Em conformidade com as previsões do Outono de 2009, a economia deverá crescer apenas 0,7 % em 2010.
O facto de a recuperação a nível mundial no segundo semestre de 2009 ter sido mais acentuada do que o inicialmente previsto foi bom para a UE. A situação da economia mundial continua a ser positiva, prevendo-se um crescimento de 4,25 % em 2010 (com exclusão da UE).
Mas, embora este contexto seja favorável, vários factores ameaçam limitar o crescimento da UE em 2010, nomeadamente, a fragilidade do mercado imobiliário em alguns países e a descida da produção industrial e do volume de vendas a retalho. Entretanto, nos mercados financeiros, as perspectivas continuam incertas, apesar dos ganhos importantes registados desde o início de 2009. Por sua vez, as taxas de desemprego mostram uma tendência para subir, comprometendo o consumo.
Em 2009, a inflação foi muito moderada, com 1,0 % na UE e 0,3 % na zona euro, reflectindo o abrandamento da economia. A taxa agora prevista para o conjunto da UE em 2010 é de 1,4 %, o que representa um ligeiro aumento em relação às previsões anteriores. A previsão para a zona euro mantém-se em 1,1%.
A situação parece assim mais ou menos equilibrada. Se, por um lado, acontecimentos recentes nos mercados financeiros apontam para a possibilidade do aumento da incerteza, por outro, uma recuperação à escala mundial mais forte do que previsto pode ter uma influência positiva na economia da UE.

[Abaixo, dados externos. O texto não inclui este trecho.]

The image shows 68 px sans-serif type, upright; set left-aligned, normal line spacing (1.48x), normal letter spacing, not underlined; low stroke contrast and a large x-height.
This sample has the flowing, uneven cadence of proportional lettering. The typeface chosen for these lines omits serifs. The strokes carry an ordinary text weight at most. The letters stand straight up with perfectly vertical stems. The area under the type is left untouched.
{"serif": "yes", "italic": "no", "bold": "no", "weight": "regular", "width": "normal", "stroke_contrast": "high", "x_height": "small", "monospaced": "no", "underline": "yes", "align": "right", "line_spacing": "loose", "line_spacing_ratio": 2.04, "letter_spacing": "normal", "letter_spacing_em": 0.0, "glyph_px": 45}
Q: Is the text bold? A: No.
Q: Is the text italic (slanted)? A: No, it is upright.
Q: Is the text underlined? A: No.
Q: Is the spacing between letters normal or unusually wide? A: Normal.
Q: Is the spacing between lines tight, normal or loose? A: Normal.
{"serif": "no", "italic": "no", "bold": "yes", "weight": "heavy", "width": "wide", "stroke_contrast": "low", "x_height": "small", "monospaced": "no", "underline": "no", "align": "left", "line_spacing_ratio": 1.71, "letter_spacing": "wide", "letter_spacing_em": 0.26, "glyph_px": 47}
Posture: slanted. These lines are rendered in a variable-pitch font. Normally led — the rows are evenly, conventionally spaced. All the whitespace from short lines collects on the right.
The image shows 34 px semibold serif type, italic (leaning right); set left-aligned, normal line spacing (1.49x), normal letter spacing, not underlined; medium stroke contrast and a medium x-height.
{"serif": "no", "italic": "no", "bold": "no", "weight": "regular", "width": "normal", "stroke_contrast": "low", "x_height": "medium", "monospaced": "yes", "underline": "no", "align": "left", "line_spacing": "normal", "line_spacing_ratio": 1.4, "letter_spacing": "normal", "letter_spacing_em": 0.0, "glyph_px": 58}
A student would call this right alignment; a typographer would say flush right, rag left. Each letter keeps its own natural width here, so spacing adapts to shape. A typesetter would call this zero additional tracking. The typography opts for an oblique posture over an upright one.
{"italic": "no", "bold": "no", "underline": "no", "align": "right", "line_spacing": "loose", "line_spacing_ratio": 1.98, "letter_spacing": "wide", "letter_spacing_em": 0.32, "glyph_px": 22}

Os mercados financeiros e a crise da Grécia aumentam as incertezas da recuperação económica.
Todavia, colocar a Europa numa posição forte e sustentável, através da recuperação da economia e da consolidação das finanças públicas, parece... ser um compromisso assumido por Bruxelas (UE).
Talvez até se possa admitir, que o pior da crise tenha passado, mas a recuperação quer na UE, quer a nível mundial é frágil. Não creio que se possa esperar uma recuperação de um dia para o outro, porque a reconstrução da economia e do emprego levará muito tempo.
Há que ter muita, mas muita paciência.